## What you need to do
Below are some entries. Copy each line in them that holds "magenta".

## Records provided
----------

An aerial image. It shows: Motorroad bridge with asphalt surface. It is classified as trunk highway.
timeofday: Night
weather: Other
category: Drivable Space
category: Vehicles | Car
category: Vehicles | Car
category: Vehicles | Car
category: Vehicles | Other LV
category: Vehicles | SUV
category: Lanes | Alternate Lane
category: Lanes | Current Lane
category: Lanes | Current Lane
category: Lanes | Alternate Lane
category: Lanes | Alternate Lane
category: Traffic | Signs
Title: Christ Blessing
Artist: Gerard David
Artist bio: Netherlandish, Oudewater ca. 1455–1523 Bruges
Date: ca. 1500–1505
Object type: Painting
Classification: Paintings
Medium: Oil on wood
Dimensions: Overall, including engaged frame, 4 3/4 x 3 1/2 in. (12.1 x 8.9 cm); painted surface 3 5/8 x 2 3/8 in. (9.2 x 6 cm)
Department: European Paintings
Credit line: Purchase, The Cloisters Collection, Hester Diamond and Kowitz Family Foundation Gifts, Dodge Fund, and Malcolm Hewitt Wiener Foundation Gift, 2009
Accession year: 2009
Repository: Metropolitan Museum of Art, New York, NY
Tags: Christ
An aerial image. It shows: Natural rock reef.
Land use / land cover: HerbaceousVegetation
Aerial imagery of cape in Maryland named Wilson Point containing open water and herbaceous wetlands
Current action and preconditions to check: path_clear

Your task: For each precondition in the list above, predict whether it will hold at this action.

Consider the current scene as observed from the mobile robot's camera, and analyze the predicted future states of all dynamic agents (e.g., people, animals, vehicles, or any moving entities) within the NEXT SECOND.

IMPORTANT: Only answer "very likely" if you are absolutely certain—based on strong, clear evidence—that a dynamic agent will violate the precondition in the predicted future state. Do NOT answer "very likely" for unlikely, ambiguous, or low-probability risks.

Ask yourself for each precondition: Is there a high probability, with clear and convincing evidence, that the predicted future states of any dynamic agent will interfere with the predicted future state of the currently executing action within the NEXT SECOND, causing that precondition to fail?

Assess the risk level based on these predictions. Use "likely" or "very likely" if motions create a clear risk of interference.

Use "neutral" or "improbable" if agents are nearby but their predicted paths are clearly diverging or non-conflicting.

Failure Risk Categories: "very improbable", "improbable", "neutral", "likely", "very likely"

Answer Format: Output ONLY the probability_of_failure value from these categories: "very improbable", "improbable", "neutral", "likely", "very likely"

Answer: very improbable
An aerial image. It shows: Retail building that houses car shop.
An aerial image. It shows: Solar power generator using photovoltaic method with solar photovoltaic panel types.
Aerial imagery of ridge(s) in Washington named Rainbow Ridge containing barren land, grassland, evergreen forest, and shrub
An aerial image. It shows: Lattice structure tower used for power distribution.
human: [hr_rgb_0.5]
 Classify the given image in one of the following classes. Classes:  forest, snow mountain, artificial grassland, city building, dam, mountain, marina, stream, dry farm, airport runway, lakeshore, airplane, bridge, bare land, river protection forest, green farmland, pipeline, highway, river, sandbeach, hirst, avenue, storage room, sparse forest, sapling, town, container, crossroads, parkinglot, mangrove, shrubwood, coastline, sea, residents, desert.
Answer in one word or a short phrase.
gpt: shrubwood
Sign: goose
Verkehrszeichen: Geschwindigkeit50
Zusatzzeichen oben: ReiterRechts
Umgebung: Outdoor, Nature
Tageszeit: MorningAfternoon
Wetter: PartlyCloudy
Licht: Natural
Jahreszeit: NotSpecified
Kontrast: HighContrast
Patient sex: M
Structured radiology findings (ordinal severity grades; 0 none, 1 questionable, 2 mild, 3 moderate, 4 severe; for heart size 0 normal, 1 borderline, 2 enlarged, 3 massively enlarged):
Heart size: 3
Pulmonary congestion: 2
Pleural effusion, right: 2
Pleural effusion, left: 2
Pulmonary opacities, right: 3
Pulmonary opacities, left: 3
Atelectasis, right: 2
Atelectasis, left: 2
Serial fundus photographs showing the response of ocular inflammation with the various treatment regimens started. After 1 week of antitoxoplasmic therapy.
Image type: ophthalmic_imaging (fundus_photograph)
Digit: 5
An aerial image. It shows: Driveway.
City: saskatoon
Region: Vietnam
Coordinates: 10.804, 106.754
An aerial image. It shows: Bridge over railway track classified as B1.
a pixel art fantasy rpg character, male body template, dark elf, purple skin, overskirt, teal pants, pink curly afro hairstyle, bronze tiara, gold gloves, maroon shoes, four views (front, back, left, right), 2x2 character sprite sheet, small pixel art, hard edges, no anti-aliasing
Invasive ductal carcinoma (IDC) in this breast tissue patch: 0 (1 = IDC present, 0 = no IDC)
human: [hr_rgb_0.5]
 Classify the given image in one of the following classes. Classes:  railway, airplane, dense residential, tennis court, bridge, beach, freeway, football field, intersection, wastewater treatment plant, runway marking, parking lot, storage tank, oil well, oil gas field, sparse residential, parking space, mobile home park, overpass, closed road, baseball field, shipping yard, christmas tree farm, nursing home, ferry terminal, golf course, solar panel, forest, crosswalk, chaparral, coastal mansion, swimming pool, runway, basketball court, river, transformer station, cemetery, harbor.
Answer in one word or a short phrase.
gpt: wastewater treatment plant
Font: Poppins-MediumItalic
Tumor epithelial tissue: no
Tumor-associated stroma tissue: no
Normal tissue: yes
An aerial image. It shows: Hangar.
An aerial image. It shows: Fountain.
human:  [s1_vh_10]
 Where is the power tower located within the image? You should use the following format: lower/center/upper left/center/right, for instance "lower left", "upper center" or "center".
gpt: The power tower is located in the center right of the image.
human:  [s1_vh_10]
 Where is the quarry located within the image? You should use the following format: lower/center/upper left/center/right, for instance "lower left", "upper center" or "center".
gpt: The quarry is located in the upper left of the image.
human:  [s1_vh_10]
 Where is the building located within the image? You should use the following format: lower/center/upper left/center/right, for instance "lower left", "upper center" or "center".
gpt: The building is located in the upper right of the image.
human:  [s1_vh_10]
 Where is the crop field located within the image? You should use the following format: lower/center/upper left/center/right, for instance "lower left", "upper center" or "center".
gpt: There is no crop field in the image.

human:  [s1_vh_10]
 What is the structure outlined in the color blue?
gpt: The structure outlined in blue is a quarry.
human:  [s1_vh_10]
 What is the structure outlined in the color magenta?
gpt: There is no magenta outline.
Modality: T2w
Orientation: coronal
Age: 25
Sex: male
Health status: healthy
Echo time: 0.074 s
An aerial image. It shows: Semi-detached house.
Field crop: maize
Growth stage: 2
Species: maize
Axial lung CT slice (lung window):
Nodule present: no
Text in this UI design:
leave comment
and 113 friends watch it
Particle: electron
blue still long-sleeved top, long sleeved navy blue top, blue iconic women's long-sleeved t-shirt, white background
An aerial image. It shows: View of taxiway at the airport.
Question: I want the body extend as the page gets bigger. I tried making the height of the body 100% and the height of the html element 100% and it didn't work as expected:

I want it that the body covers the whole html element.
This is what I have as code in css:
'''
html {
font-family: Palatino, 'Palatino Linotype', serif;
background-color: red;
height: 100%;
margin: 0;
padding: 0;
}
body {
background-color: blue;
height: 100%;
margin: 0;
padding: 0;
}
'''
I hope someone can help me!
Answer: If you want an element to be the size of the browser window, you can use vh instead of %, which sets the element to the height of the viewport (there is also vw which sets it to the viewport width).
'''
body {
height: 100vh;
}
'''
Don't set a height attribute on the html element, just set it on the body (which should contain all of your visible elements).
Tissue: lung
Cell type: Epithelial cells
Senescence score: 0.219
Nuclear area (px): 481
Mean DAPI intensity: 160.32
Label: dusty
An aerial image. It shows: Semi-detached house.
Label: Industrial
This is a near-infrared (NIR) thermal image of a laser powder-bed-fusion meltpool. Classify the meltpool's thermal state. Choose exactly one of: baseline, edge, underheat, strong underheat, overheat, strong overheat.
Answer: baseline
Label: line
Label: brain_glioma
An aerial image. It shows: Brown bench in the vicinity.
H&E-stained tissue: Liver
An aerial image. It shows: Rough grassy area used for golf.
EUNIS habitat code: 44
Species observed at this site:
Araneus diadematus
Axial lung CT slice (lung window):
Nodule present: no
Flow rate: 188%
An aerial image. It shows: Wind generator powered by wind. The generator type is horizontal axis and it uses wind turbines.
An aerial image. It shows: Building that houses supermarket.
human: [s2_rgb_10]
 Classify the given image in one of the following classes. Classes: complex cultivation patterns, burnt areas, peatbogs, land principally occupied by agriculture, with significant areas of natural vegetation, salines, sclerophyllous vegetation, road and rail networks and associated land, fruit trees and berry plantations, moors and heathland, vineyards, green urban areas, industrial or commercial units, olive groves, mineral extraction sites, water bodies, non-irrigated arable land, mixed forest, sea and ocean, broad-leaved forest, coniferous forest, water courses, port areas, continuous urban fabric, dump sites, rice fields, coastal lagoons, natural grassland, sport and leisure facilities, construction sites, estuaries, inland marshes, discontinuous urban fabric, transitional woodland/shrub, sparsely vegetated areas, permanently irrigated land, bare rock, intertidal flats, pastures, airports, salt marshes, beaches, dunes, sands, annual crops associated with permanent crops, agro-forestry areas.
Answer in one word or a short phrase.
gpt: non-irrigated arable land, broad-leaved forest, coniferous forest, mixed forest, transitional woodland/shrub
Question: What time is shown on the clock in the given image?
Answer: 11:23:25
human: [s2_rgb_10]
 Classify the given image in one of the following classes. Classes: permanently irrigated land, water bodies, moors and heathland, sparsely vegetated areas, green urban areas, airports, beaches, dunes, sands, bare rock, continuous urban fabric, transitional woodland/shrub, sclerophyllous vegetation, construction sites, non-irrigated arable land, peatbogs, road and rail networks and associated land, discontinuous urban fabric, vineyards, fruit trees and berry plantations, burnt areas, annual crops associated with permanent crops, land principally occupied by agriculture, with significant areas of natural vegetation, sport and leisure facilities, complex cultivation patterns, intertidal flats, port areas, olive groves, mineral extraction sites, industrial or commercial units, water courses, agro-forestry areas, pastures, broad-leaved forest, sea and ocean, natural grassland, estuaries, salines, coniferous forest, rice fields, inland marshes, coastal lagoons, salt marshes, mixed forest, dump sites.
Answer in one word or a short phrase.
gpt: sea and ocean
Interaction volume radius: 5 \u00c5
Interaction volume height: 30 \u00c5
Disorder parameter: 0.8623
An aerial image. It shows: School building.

----------

## The completed task
 What is the structure outlined in the color magenta?
gpt: There is no magenta outline.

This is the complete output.